BEGIN Information supplied

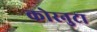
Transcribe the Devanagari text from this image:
कोरनुटा
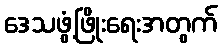
ဒေသဖွံ့ဖြိုးရေးအတွက်
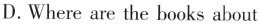
D.Where are the books about
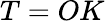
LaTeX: T=OK
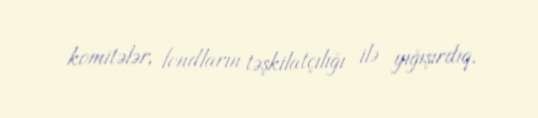
komitələr, fondların təşkilatçılığı ilə yığışırdıq.
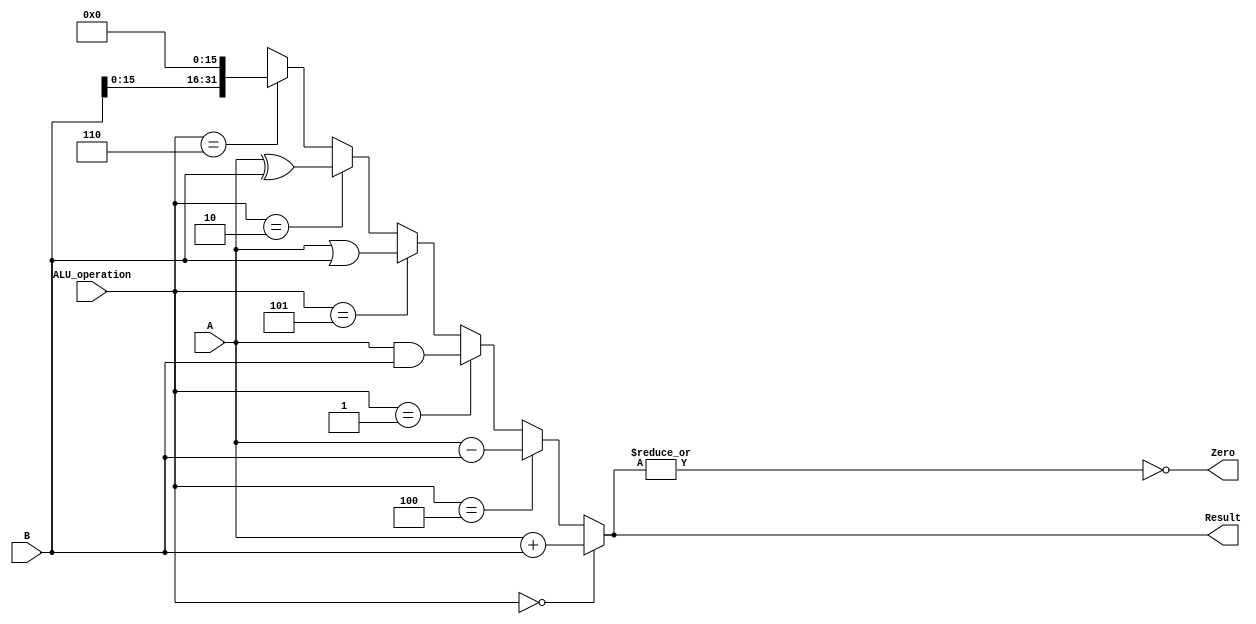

END Information supplied

§ To do
The full set of entries should be transcribed exactly, pictures left aside.

§ Answer space
Transcribe the Devanagari text from this image:
कोरनुटा
ဒေသဖွံ့ဖြိုးရေးအတွက်
D.Where are the books about
LaTeX: T=OK
komitələr, fondların təşkilatçılığı ilə yığışırdıq.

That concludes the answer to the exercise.